* _INPUT RECORDS_:
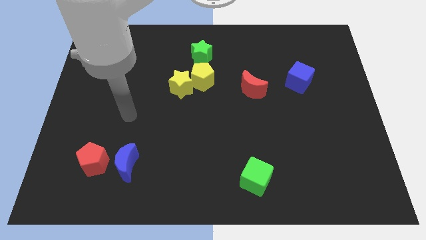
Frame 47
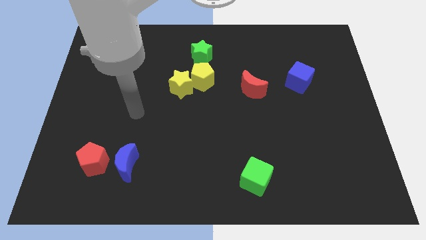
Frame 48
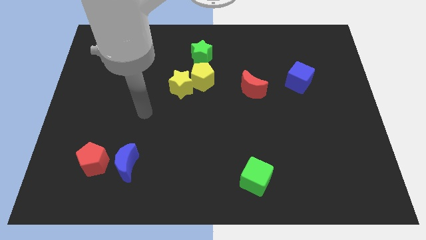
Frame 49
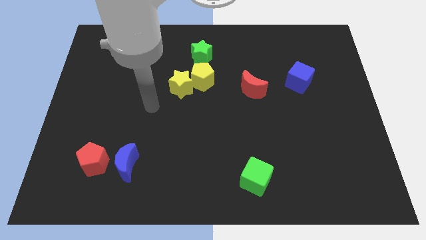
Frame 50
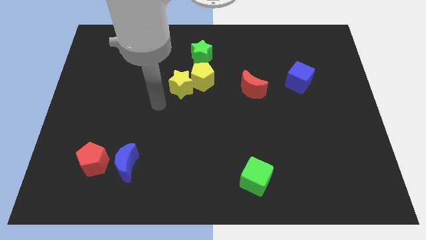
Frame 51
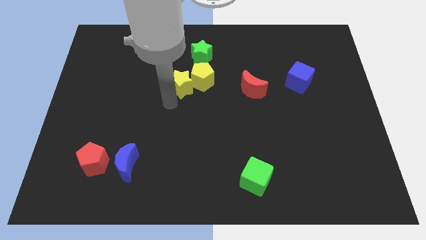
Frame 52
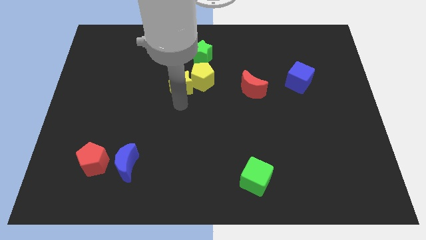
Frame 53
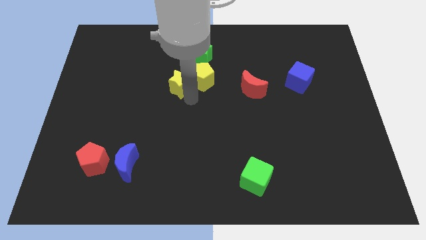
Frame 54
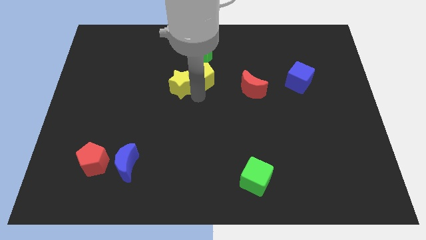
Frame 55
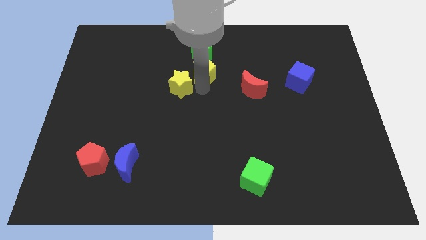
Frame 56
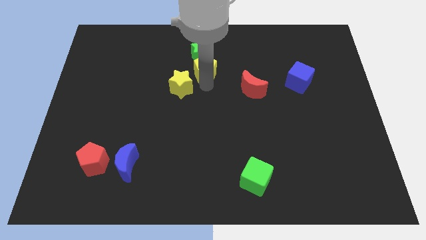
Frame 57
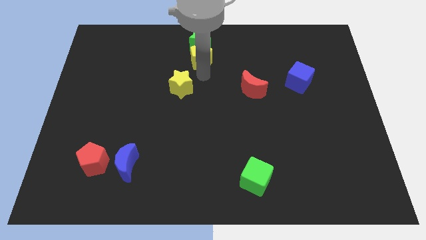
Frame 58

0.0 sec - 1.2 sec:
move the yellow star away from the yellow pentagon

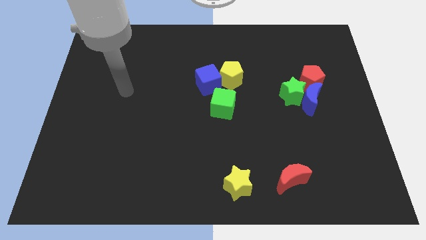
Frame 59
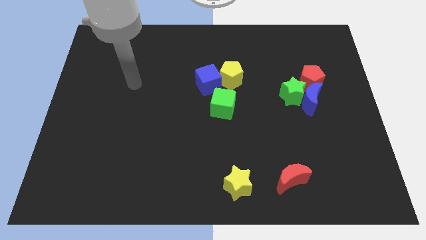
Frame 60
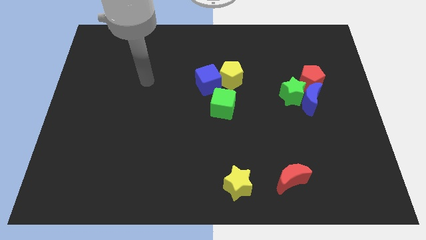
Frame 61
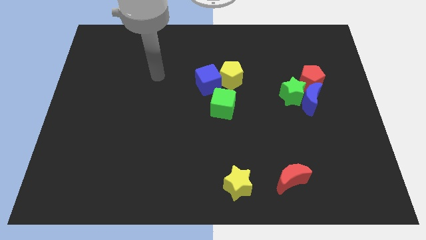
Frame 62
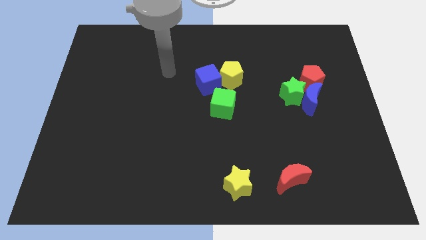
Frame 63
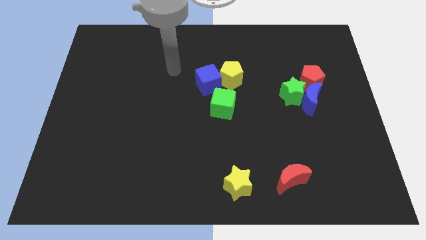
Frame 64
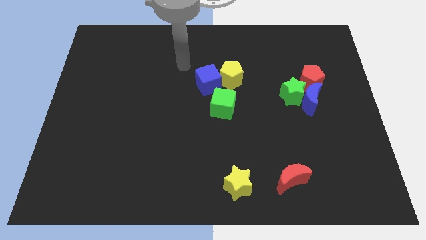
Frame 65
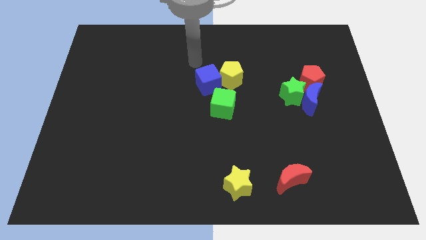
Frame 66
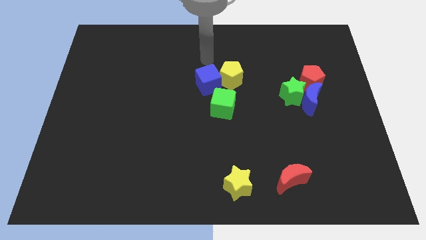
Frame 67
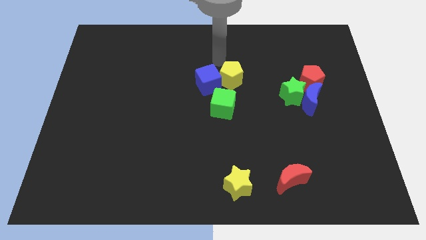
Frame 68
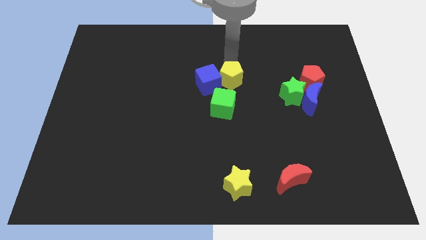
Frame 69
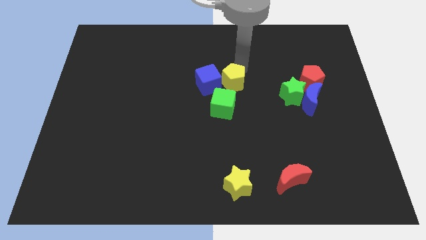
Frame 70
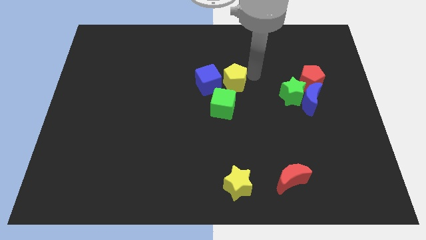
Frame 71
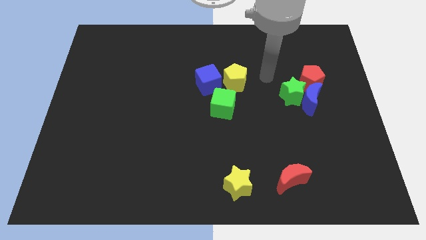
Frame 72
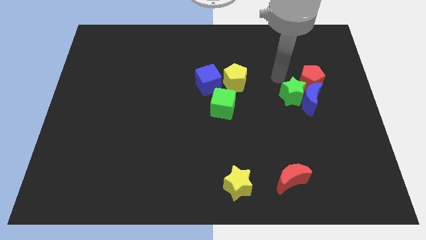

* _EXERCISE DIRECTIONS_:
All of the records above must be copied exactly, except for the pictures.

* _WRITTEN SOLUTION_:
Frame 47
Frame 48
Frame 49
Frame 50
Frame 51
Frame 52
Frame 53
Frame 54
Frame 55
Frame 56
Frame 57
Frame 58

0.0 sec - 1.2 sec:
move the yellow star away from the yellow pentagon

Frame 59
Frame 60
Frame 61
Frame 62
Frame 63
Frame 64
Frame 65
Frame 66
Frame 67
Frame 68
Frame 69
Frame 70
Frame 71
Frame 72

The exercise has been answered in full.